Dataset items
= = = = =

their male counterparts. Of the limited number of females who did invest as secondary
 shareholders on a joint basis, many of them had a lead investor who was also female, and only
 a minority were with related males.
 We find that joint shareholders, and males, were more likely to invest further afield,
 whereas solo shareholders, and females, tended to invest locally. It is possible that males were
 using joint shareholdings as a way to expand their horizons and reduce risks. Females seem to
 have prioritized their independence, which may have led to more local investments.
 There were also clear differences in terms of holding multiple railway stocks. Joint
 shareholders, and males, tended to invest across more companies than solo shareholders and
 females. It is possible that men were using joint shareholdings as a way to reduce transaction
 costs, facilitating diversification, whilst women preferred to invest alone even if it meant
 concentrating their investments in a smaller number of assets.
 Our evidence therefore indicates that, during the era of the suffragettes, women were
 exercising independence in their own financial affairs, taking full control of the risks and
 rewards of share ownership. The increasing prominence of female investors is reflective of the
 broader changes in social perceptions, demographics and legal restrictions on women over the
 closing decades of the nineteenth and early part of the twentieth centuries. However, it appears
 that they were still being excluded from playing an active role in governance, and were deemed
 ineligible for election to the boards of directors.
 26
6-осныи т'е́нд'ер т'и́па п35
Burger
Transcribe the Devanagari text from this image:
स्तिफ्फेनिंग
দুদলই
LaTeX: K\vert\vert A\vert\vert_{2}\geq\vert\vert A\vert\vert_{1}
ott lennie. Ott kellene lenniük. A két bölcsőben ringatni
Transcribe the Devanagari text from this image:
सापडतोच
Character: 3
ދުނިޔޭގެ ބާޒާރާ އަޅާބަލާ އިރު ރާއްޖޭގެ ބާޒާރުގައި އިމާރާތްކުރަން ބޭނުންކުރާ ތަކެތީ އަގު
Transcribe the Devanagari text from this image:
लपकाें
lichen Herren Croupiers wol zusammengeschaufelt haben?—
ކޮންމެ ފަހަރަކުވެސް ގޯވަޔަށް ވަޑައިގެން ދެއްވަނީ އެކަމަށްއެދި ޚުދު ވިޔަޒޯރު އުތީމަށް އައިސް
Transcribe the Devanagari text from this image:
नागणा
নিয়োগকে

= = = = =

→ **What to work on**:
The answer must consist of every line above that contains the word "women".

→ **Task output**:
 costs, facilitating diversification, whilst women preferred to invest alone even if it meant
 Our evidence therefore indicates that, during the era of the suffragettes, women were
 broader changes in social perceptions, demographics and legal restrictions on women over the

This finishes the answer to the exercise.